↓↓↓
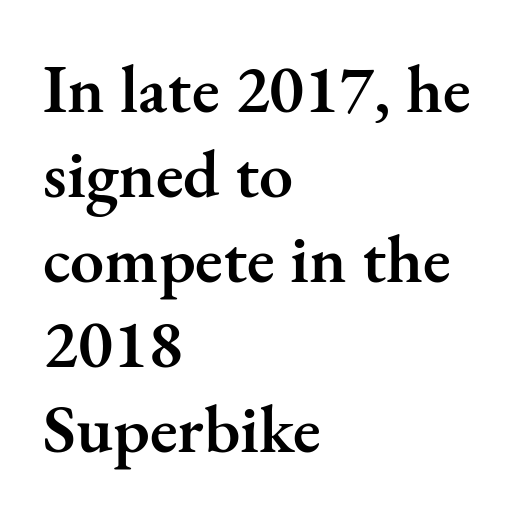
{"serif": "yes", "italic": "no", "bold": "semi", "weight": "semibold", "width": "normal", "stroke_contrast": "medium", "x_height": "small", "monospaced": "no", "underline": "no", "align": "left", "line_spacing": "normal", "line_spacing_ratio": 1.25, "letter_spacing": "normal", "letter_spacing_em": 0.0, "glyph_px": 68}
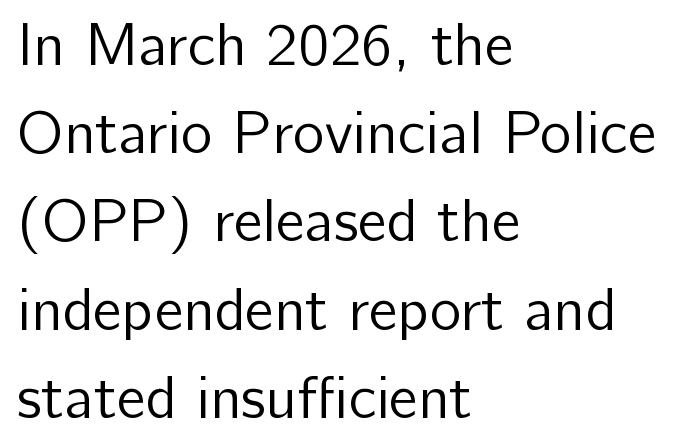
Q: Is the text bold? A: No.
Q: Is the text italic (slanted)? A: No, it is upright.
Q: Is the typeface a serif or a sans-serif typeface? A: Sans-serif.
Q: Is the text underlined? A: No.
Q: How is the paragraph aligned? A: Left-aligned.
Q: Is the spacing between letters normal or unusually wide? A: Normal.
Q: Is the spacing between lines tight, normal or loose? A: Normal.
Q: Width (condensed, normal, or wide)? A: Normal.
Q: Stroke contrast? A: Low.
Q: x-height? A: Medium.
Q: Monospaced? A: No.
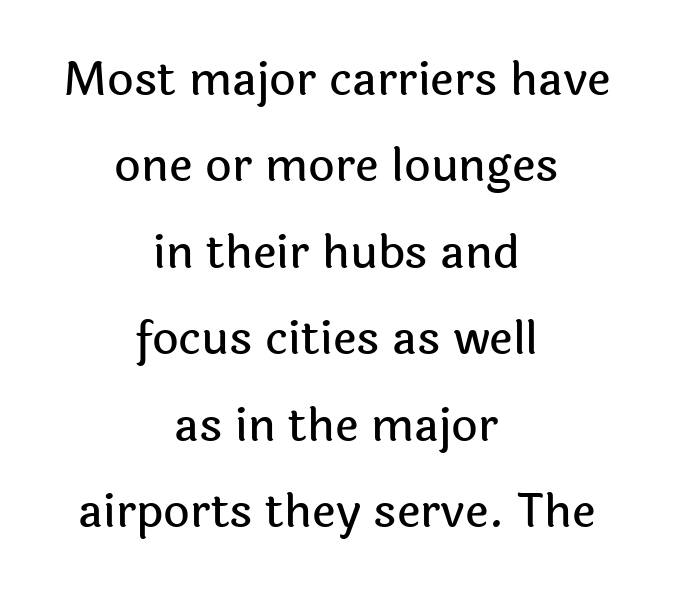
The passage shown has conventional tracking throughout. A roman cut, with each character standing at attention. These lines are rendered in a variable-pitch font. Caption: multi-line text, centered on the measure.
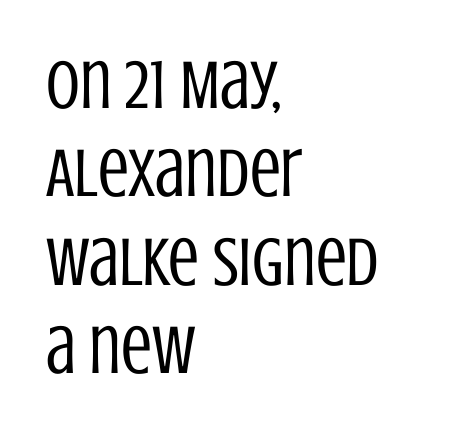
Ordinary non-slanted type is in use. Compared with typical paragraphs, the rows here are spaced about the same. Horizontal alignment here is leftward, the default for most running prose. The type is set solid horizontally, with unmodified tracking.
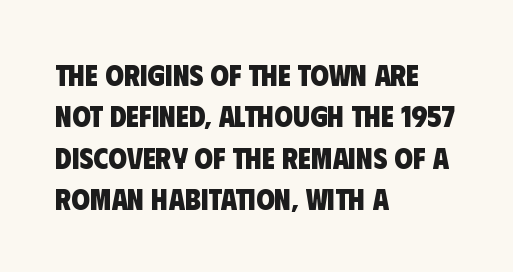
The baseline area is clear. Where is the straight margin? On the left. Nope, no serifs anywhere on these letters. Line spacing here is normal.
↑↑↑
Copy range, inclusive: the line holding "Q: Is the spacing between letters" to the line holding "Q: Monospaced? A: No.". Reproduce exactly those lines of the records above and no others.

Result of the task:
Q: Is the spacing between letters normal or unusually wide? A: Normal.
Q: Is the spacing between lines tight, normal or loose? A: Normal.
Q: Width (condensed, normal, or wide)? A: Normal.
Q: Stroke contrast? A: Low.
Q: x-height? A: Medium.
Q: Monospaced? A: No.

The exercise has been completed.